Backward output:  torch.Size([4, 5, 2]) 
 tensor([[[-0.0101, -0.4025],
         [ 0.2162, -0.4832],
         [ 0.3084, -0.4927],
         [ 0.3194, -0.4467],
         [ 0.3917, -0.6299]],

        [[-0.2381, -0.6894],
         [-0.0872, -0.6471],
         [ 0.0076, -0.6274],
         [ 0.0595, -0.5576],
         [ 0.2187, -0.6570]],

        

#### Stacked BiRNN Separated `h_n`

Let's reshape the Stacked BiRNN hidden to separate out forward and backward values using `h_n.view(num_layers, num_directions, batch, hidden_size)`.

In [18]:
h_n_reshaped = h_n.view(3, 2, BATCH_SIZE, HIDDEN_SIZE)
print("Shape of the hidden after directions are separated: ", h_n_reshaped.shape)

Shape of the hidden after directions are separated:  torch.Size([3, 2, 4, 2])


The shape is now - `(num_layers, num_directions, batch, hidden_size)`.   
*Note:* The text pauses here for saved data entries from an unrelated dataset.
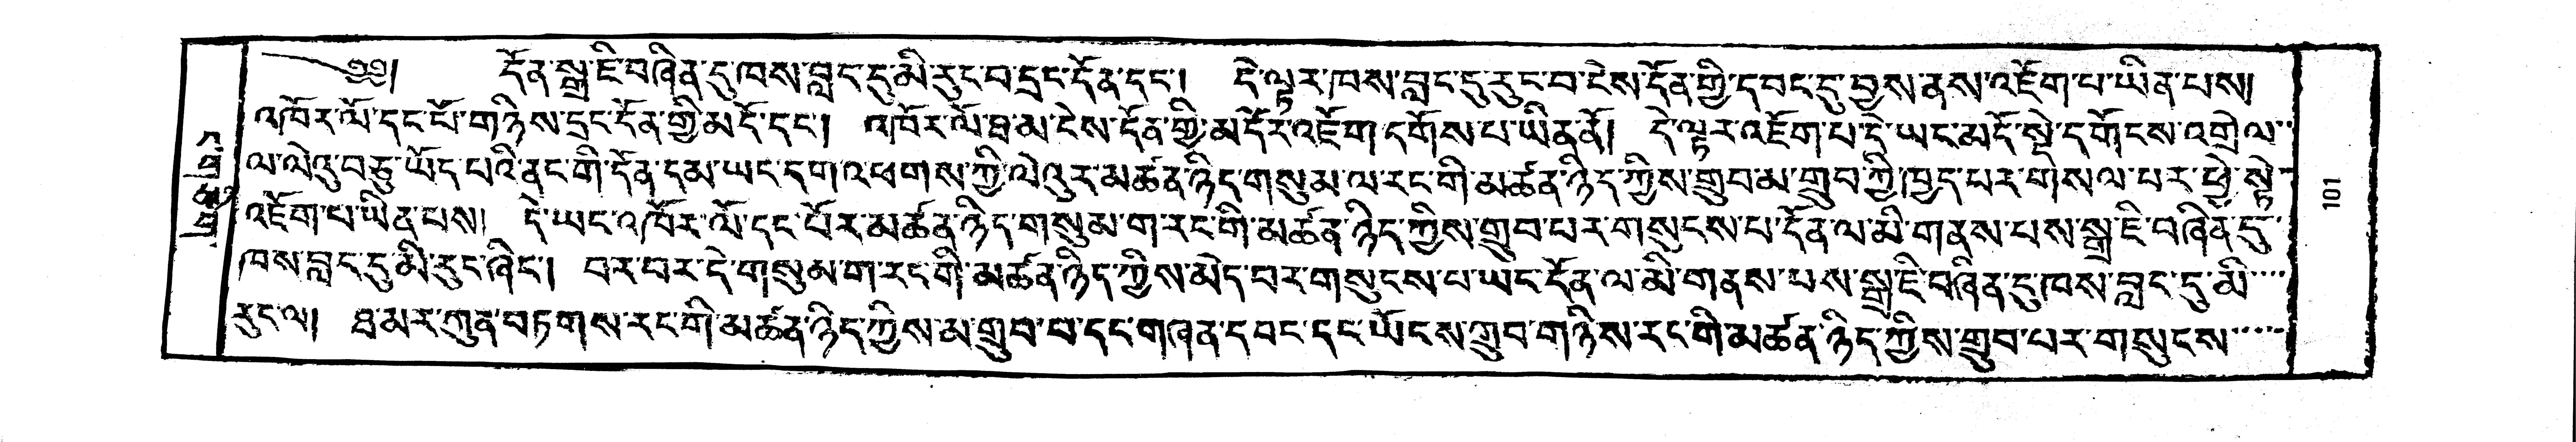༄༅། །དོན་སྒྲ་ཇི་བཞིན་དུ་ཁས་བླང་དུ་མི་རུང་བ་དྲང་དོན་དང་། དེ་ལྟར་ཁས་བླང་དུ་རུང་བ་ངེས་དོན་གྱི་དབང་དུ་བྱས་ནས་འཇོག་པ་ཡིན་པས།
འཁོར་ལོ་དང་པོ་གཉིས་དྲང་དོན་གྱི་མདོ་དང་། འཁོར་ལོ་ཐ་མ་ངེས་དོན་གྱི་མདོར་འཇོག་དགོས་པ་ཡིན་ནོ། དེ་ལྟར་འཇོག་པ་དེ་ཡང་མདོ་སྡེ་དགོངས་འགྲེལ་
ལ་ལེའུ་བཅུ་ཡོད་པའི་ནང་གི་དོན་དམ་ཡང་དག་འཕགས་ཀྱི་ལེའུར་མཚན་ཉིད་གསུམ་ལ་རང་གི་མཚན་ཉིད་ཀྱིས་གྲུབ་མ་གྲུབ་ཀྱི་ཁྱད་པར་གསལ་པར་ཕྱེ་སྟེ་
འཇོག་པ་ཡིན་པས། དེ་ཡང་འཁོར་ལོ་དང་པོར་མཚན་ཉིད་གསུམ་ག་རང་གི་མཚན་ཉིད་ཀྱིས་གྲུབ་པར་གསུངས་པ་དོན་ལ་མི་གནས་པས་སྒྲ་ཇི་བཞིན་དུ་
ཁས་བླང་དུ་མི་རུང་ཞིང་། བར་བར་དེ་གསུམ་ག་རང་གི་མཚན་ཉིད་ཀྱིས་མེད་པར་གསུངས་པ་ཡང་དོན་ལ་མི་གནས་པས་སྒྲ་ཇི་བཞིན་དུ་ཁས་བླང་དུ་མི་
རུང་ལ། ཐ་མར་ཀུན་བཏགས་རང་གི་མཚན་ཉིད་ཀྱིས་མ་གྲུབ་པ་དང་གཞན་དབང་དང་ཡོངས་གྲུབ་གཉིས་རང་གི་མཚན་ཉིད་ཀྱིས་གྲུབ་པར་གསུངས་

`num_directions` is the 1st dimension. To obtain forward and backward hidden, we can do the following -

* hidden_forward = `(num_layers, 0, batch, hidden_size)`  

* hidden_backward = `(num_layers, 1, batch, hidden_size)`

In [19]:
h_n_forward = h_n_reshaped[:, 0, :, :]
h_n_backward = h_n_reshaped[:, 1, :, :]

print("Forward h_n: ", h_n_forward.shape, "\n", h_n_forward)
print("\n\nBackward h_n: ", h_n_backward.shape, "\n", h_n_backward)
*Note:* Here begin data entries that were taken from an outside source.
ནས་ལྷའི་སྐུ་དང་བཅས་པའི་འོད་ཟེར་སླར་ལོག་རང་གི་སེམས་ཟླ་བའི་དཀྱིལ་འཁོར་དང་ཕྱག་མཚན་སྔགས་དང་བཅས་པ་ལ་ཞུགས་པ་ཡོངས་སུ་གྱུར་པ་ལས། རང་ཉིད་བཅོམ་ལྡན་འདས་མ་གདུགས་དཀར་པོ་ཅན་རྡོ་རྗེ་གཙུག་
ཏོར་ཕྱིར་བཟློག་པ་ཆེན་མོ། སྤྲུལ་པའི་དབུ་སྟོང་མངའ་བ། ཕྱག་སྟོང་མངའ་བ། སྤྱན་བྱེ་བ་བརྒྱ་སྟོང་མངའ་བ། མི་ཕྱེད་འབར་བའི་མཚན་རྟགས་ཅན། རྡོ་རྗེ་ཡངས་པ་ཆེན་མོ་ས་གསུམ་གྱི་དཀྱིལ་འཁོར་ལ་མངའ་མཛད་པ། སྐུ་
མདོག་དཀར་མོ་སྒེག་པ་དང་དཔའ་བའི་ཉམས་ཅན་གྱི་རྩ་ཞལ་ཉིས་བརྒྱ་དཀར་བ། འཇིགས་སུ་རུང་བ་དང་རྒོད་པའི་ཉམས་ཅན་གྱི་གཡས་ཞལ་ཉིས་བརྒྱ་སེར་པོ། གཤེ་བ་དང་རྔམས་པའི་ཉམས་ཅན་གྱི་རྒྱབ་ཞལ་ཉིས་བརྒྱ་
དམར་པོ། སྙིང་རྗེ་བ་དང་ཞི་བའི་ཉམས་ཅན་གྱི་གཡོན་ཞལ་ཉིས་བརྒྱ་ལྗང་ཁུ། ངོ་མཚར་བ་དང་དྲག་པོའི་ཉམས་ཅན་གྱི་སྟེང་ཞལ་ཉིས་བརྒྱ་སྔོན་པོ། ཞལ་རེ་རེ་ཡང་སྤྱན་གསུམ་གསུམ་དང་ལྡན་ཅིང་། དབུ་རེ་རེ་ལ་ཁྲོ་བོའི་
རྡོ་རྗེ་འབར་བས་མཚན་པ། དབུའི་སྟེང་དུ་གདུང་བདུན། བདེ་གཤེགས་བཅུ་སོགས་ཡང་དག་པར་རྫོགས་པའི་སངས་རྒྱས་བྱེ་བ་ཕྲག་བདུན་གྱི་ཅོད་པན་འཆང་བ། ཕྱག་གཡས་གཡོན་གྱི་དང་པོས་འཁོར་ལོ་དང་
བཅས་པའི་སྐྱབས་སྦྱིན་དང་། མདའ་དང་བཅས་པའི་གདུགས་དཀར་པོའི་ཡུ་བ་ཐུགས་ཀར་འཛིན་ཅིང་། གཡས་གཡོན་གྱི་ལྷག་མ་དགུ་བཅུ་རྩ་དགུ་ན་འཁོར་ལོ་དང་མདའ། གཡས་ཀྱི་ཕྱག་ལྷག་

Forward h_n:  torch.Size([3, 4, 2]) 
 tensor([[[ 0.9455,  0.5653],
         [ 0.9986, -0.1385],
         [ 1.0000, -0.7900],
         [ 1.0000, -0.9272]],

        [[-0.6463,  0.5301],
         [-0.5393,  0.6556],
         [-0.4089,  0.7277],
         [-0.3732,  0.7372]],

        [[-0.1510, -0.6863],
         [-0.2070, -0.6238],
         [-0.2617, -0.5444],
         [-0.2739, -0.5259]]], grad_fn=<SliceBackward>)
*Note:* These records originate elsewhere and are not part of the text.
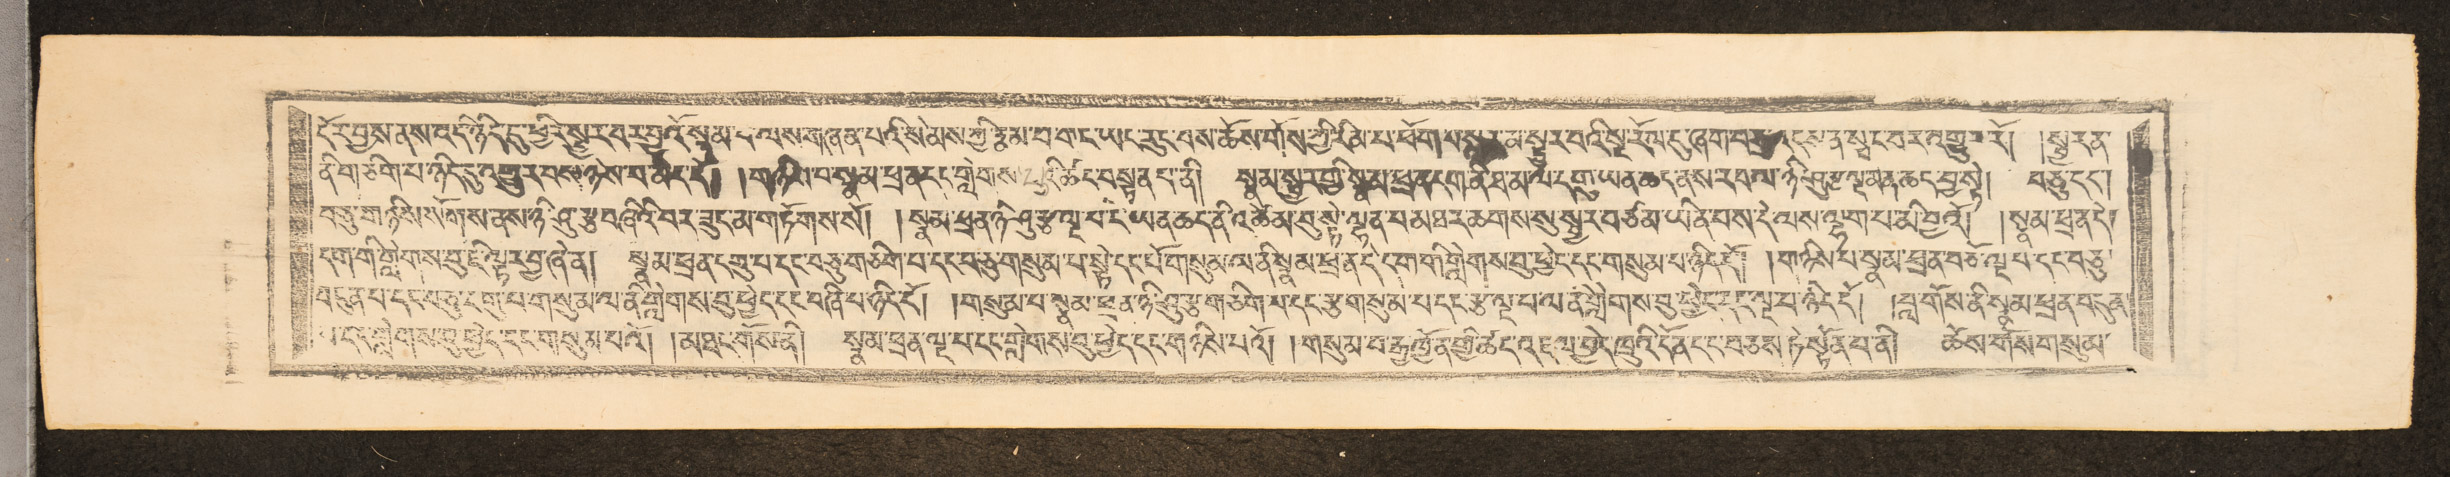དོར་བྱས་ནས་འདི་ཉིད་དུ་ཕྱིར་སྦྱར་བར་བྱའོ་སྙམ་པ་ལས་གཞན་པའི་སེམས་ཀྱི་རྣམ་པ་གང་ཡང་རུང་བས་ཆོས་གོས་ཀྱི་རིམ་པ་ལོག་པ་སླར་མ་སྦྱར་བའི་སྔ་རོལ་དུ་ཞག་བཅུ་འདས་ན་སྤང་བར་འགྱུར་རོ། །སྦྱར་ན་
ནི་གཅིག་པ་ཉིད་དུ་འགྱུར་བས་ཉེས་པ་མེད་དོ། །གཉིས་པ་སྣམ་ཕྲན་དང་གླེགས་བུའི་ཚད་བསྟན་པ་ནི། སྣམ་སྦྱར་གྱི་སྣམ་ཕྲན་དག་ནི་ཐ་མ་ལ་དགུ་ཡན་ཆད་ནས་རབ་ལ་ཉི་ཤུ་རྩ་ལྔ་མན་ཆད་བྱ་སྟེ། བཅུ་དང་།
བཅུ་གཉིས་སོགས་ནས་ཉི་ཤུ་རྩ་བཞིའི་བར་ཐུང་མ་གཏོགས་སོ། །སྣམ་ཕྲན་ཉི་ཤུ་རྩ་ལྔ་པ་དེ་ཡན་ཆད་ནི་འཚེམ་བུ་སྟེ་ལྷན་པ་མཐར་ཆགས་སུ་སྦྱར་བ་ཙམ་ཡིན་པས་དེ་ལས་ལྷག་པ་མི་བྱའོ། །སྣམ་ཕྲན་དེ་
དག་གི་གླེགས་བུ་ཇི་ལྟར་བྱ་ཞེ་ན། སྣམ་ཕྲན་དགུ་པ་དང་བཅུ་གཅིག་པ་དང་བཅུ་གསུམ་པ་སྟེ་དང་པོ་གསུམ་ལ་ནི་སྣམ་ཕྲན་དེ་དག་གི་གླེགས་བུ་ཕྱེད་དང་གསུམ་པ་ཉིད་དོ། །གཉིས་པ་སྣམ་ཕྲན་བཅོ་ལྔ་པ་དང་བཅུ་
བདུན་པ་དང་བཅུ་དགུ་པ་གསུམ་ལ་ནི་གླེགས་བུ་ཕྱེད་དང་བཞི་པ་ཉིད་དོ། །གསུམ་པ་སྣམ་ཕྲན་ཉི་ཤུ་རྩ་གཅིག་པ་དང་རྩ་གསུམ་པ་དང་རྩ་ལྔ་པ་ལ་ནི་གླེགས་བུ་ཕྱེད་དང་ལྔ་པ་ཉིད་དོ། །བླ་གོས་ནི་སྣམ་ཕྲན་བདུན་
པ་དང་གླེགས་བུ་ཕྱེད་དང་གསུམ་པའོ། །མཐང་གོས་ནི། སྣམ་ཕྲན་ལྔ་པ་དང་གླེགས་བུ་ཕྱེད་དང་གཉིས་པའོ། །གསུམ་པ་རྒྱ་ཁྱོན་གྱི་ཚད་འཇལ་བྱེད་ཁྲུའི་དོན་དང་བཅས་ཏེ་སྟོན་པ་ནི། ཆོས་གོས་གསུམ་

Backward h_n:  torch.Size([3, 4, 2]) 
 tensor([[[ 0.1570,  0.2765],
         [ 0.9959,  0.9972],
         [ 1.0000,  1.0000],
         [ 1.0000,  1.0000]],

        [[ 0.0474, -0.5973],
         [ 0.0082, -0.9715],
         [-0.1373, -0.9681],
         [-0.2362, -0.9658]],

        [[-0.0101, -0.4025],
         [-0.2381, -0.6894],
         [-0.6259, -0.8299],
         [-0.7035, -0.8531]]], grad_fn=<SliceBackward>)


You can use the above examples for both LSTM and GRU with minimal code change.